Managing Consultant - SOC Services

Location: Remote UK, United Kingdom

Thales people architect identity management and data protection solutions at the heart of digital security. Business and governments rely on us to bring trust to the billons of digital interactions they have with people. Our technologies and services help banks exchange funds, people cross borders, energy become smarter and much more.

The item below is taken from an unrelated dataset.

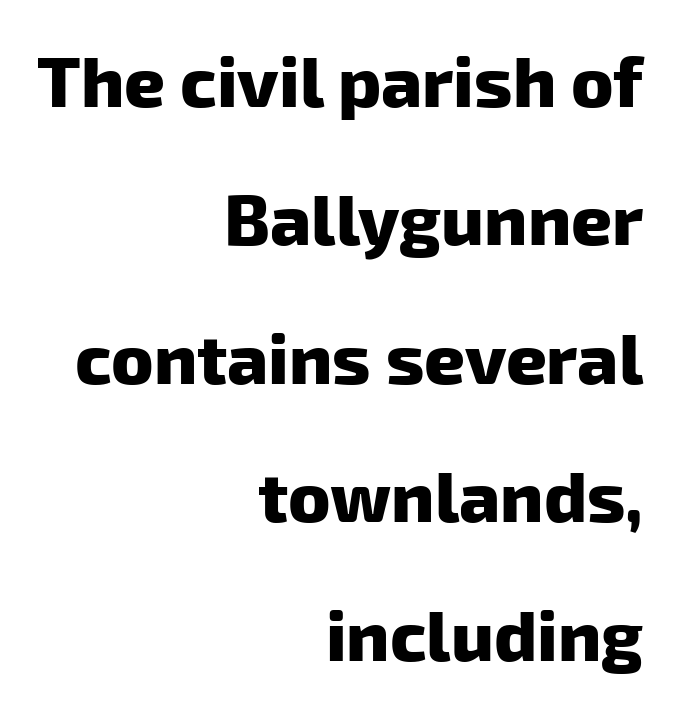
{"serif": "no", "bold": "yes", "weight": "heavy", "width": "normal", "stroke_contrast": "low", "x_height": "medium", "monospaced": "no", "underline": "no", "align": "right", "line_spacing": "loose", "line_spacing_ratio": 1.95, "letter_spacing": "normal", "letter_spacing_em": 0.0, "glyph_px": 71}

More than 30,000 organizations already rely on us to verify the identities of people and things, grant access to digital services, analyze vast quantities of information and encrypt data to make the connected world more secure.

Together we offer fantastic opportunities for committed employees to learn and develop their career with us. At Thales UK, we research, develop, and supply technology and services that impact the lives of millions of people each day to make life better, and keep us safer. We innovate across the major industries of Aerospace, Defence, Security and Space. Your health and well-being matters to us and that’s why we offer you the flexibility to do what’s important to you; whether that’s part time hours, job sharing, home working, or the ability to flex your start and finish times. Where possible, we support a working pattern that suits your lifestyle and helps you reach your ambitions.

Job Title: Managing Consultant – SOC Services

Base location: Remote UK

Our opportunity

As a SOC Services Managing Consultant at Thales, you will lead and oversee critical initiatives aimed at enhancing our clients’ Security Operations Centre (SOC) capabilities. Your primary responsibility will be to build strong, collaborative relationships with clients while providing expert guidance on strategic SOC management, operations, and security incident response. You will oversee project teams, ensuring successful delivery of high-quality consulting services that drive performance, efficiency, and security posture improvements.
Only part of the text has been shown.